Add resources config to Daytona sandbox creation, fix OOM on npm install (fixes #40)#43

Merged
alanzabihi merged 1 commit into
mainfrom
fix-sandbox-memory
Jul 2, 2026
Merged

Add resources config to Daytona sandbox creation, fix OOM on npm install (fixes #40)#43
alanzabihi merged 1 commit into
mainfrom
fix-sandbox-memory

Conversation

@alanzabihi

Copy link
Copy Markdown
Contributor

Summary

examples/node22-bookworm-computer-use-image.ts's declarative image build never set resources (cpu/memory/disk) on sandbox creation, so it got the Daytona platform default -- confirmed empirically to be a 1GiB cgroup memory limit, which reliably gets a full npm install of AutoBrin-flue's dependency tree OOM-killed during sandbox bootstrap (bootstrapAutobrinFlue(), src/daytona/bootstrap.ts), before any modality-specific work even starts.

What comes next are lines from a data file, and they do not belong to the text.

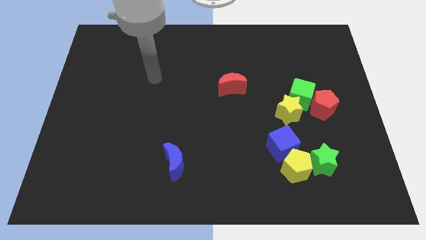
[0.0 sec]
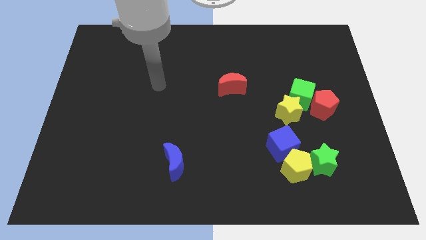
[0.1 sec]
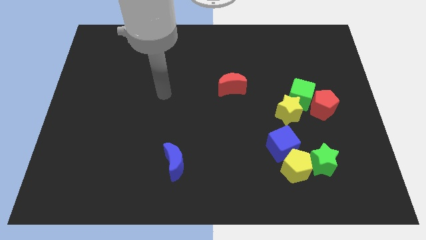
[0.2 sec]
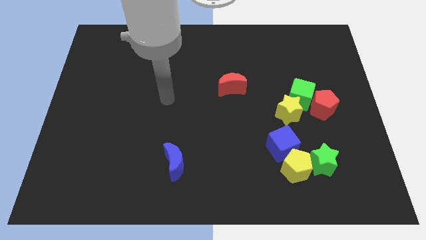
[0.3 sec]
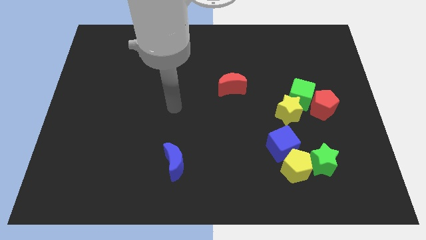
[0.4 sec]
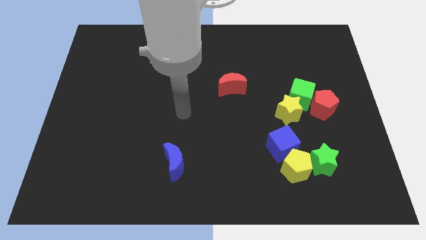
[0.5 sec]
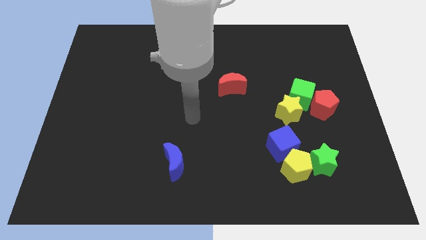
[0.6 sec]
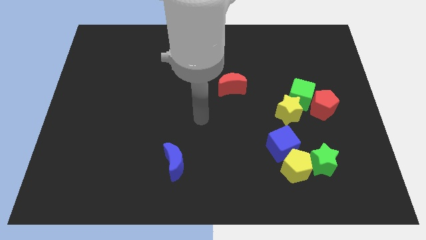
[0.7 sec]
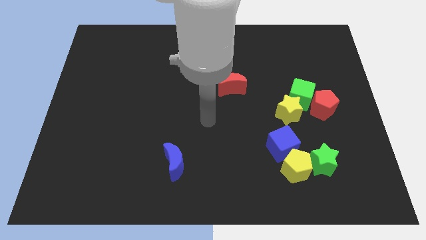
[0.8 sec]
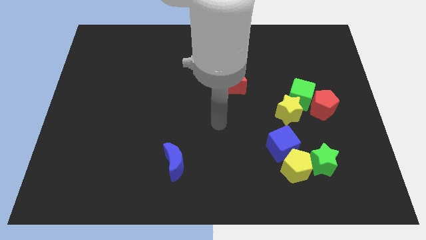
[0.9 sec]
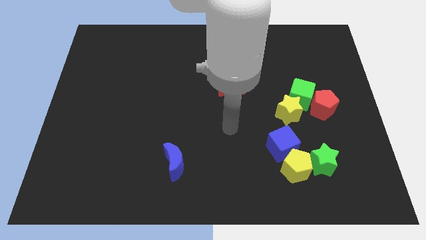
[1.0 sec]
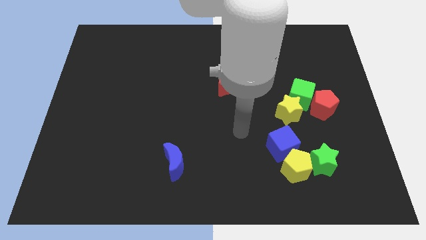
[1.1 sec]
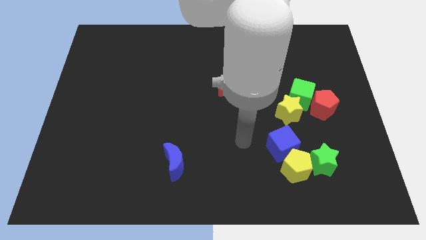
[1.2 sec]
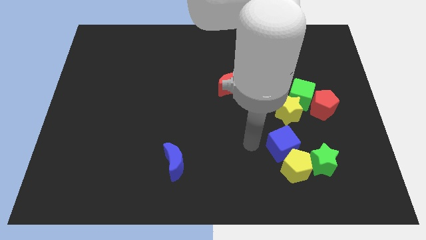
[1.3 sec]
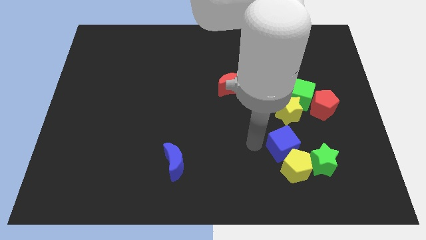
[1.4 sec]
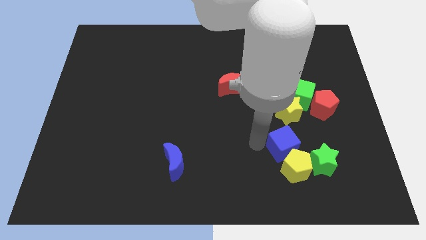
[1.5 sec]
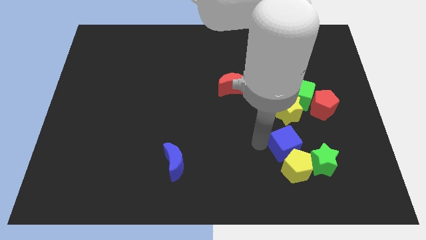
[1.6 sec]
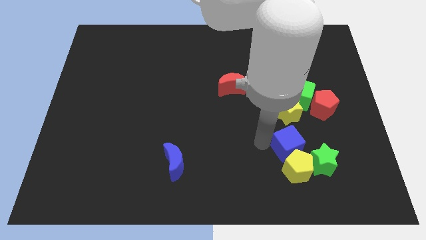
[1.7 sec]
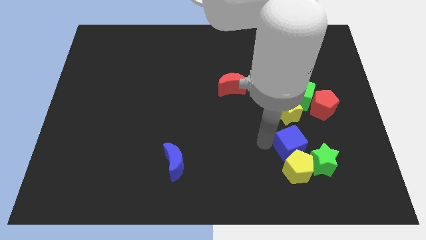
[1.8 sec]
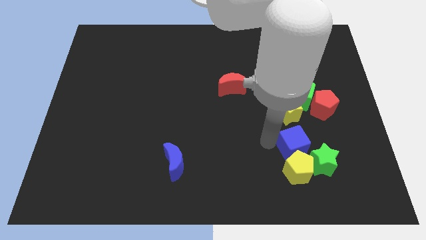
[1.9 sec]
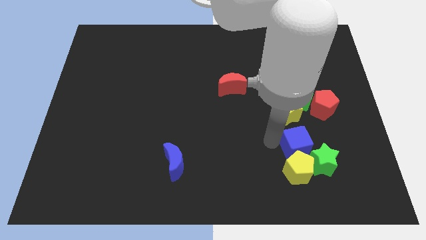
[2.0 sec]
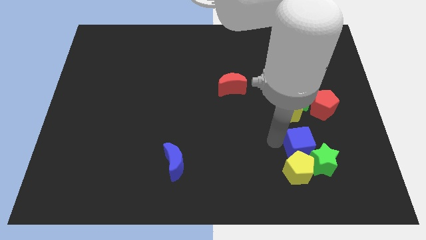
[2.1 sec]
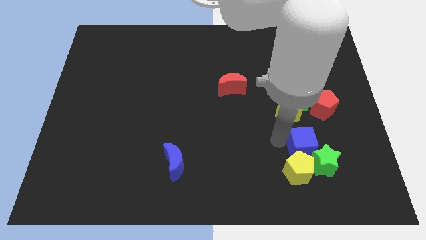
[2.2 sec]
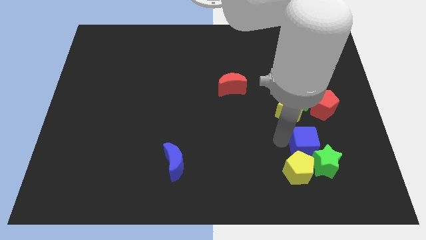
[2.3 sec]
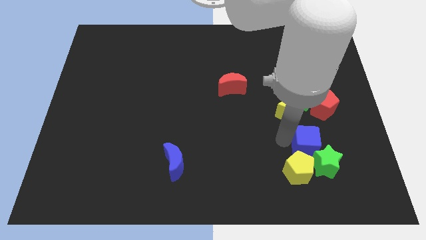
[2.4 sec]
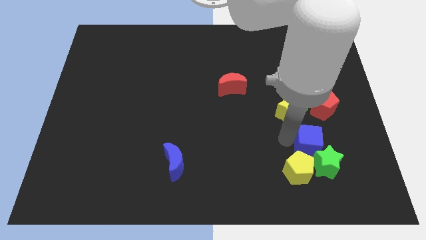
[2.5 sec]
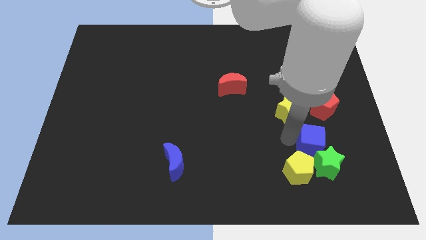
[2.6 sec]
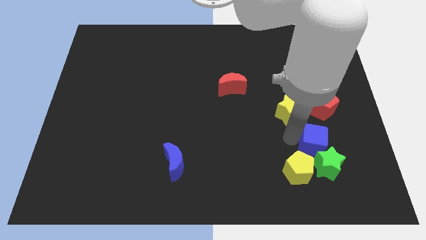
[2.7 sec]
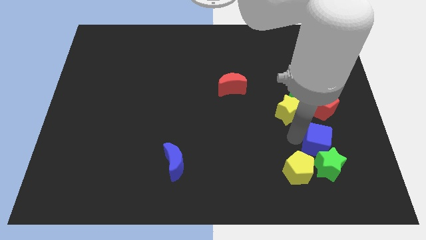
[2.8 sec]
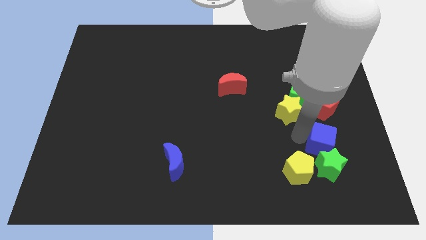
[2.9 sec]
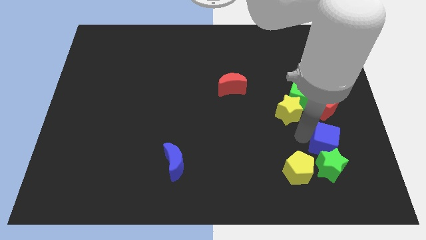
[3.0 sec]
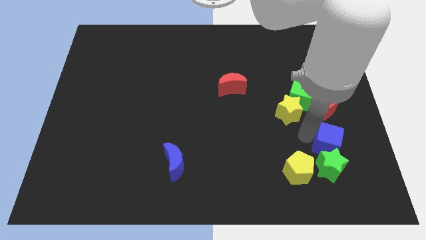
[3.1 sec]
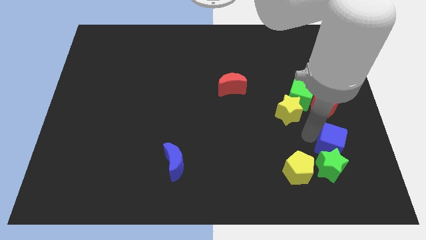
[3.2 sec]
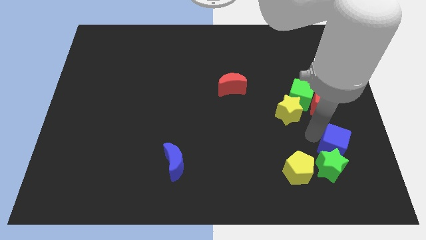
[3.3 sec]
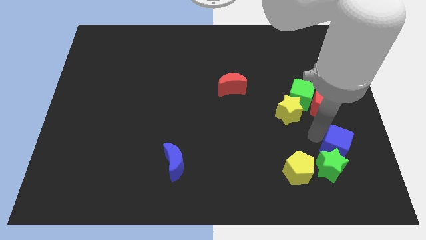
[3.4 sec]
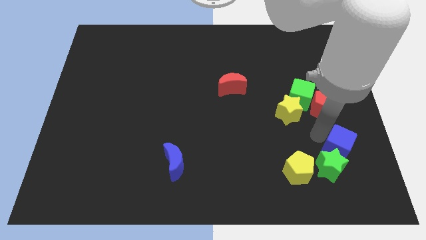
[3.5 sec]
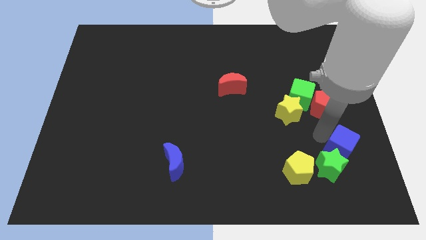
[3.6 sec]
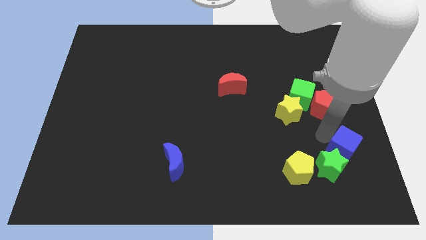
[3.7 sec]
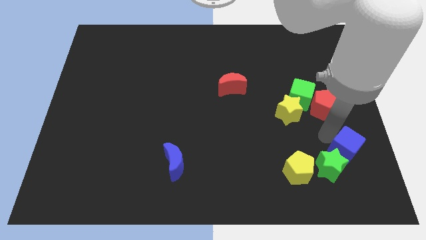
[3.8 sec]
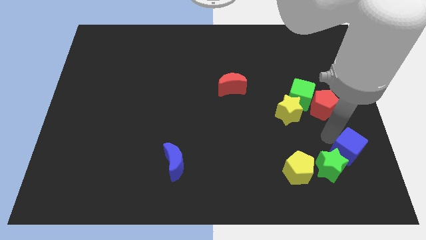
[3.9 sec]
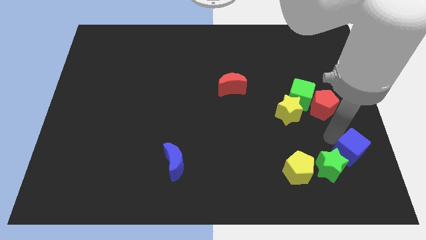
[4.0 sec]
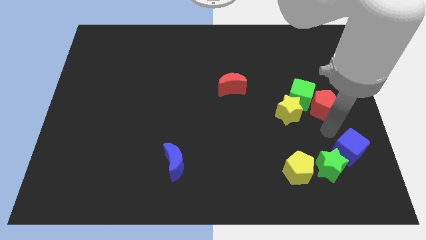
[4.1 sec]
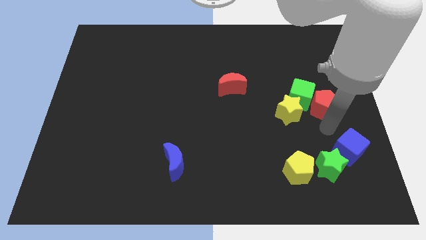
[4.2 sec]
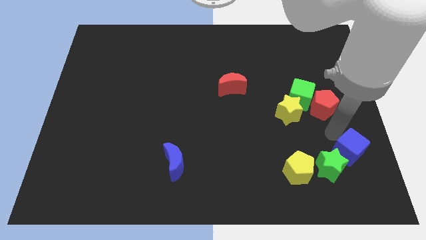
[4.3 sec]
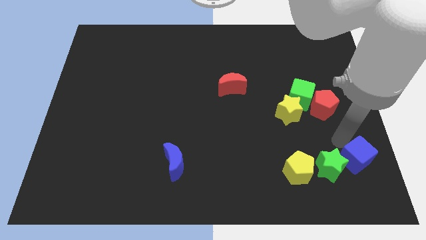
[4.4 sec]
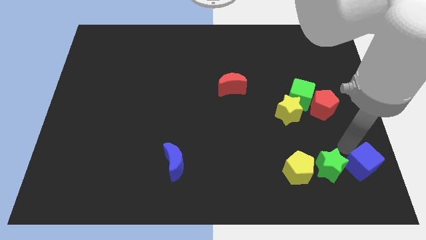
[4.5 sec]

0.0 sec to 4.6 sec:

  • AutobrinContenderConfig (src/contenders/autobrin.ts) gains an optional resources?: Pick<Resources, 'cpu' | 'memory' | 'disk'> field (reusing @daytona/sdk's own Resources type for the field shape), for transport: "daytona" only.
  • src/daytona/launcher.ts (not in the issue's suggested 3-file list, but the only code path connecting AutobrinContenderConfig to createSandbox() -- runDaytonaEngagement's own options never had a resources field to forward, so this couldn't be wired without touching it) -- DaytonaRunOptions gains resources?: Resources, applied only on the "image" sandbox-creation branch.
  • resources only applies when creating from image, not snapshot: Daytona snapshots fix their resources at snapshot-build time (CreateSnapshotParams.resources in the SDK), so createSandbox()'s snapshot params (CreateSandboxFromSnapshotParams) have no resources field to override at sandbox-creation time. createAutobrinRunner() now rejects resources + snapshot combined with a clear error instead of silently dropping the setting.
  • src/daytona/client.ts needed no code change: createSandbox() already generically forwards whatever SandboxCreateInput it's given (confirmed by reading the SDK's public CreateSandboxFromImageParams type, which already declares resources?: Resources) -- the gap was purely that nothing upstream ever set it. Added a small test (tests/daytona.test.ts) making this explicit.
  • examples/node22-bookworm-computer-use-image.ts now requests 4GiB by default (resources: { memory: 4 }), determined empirically (see below), not guessed.
  • Additive/optional throughout -- no behavior change for any existing caller that doesn't set resources.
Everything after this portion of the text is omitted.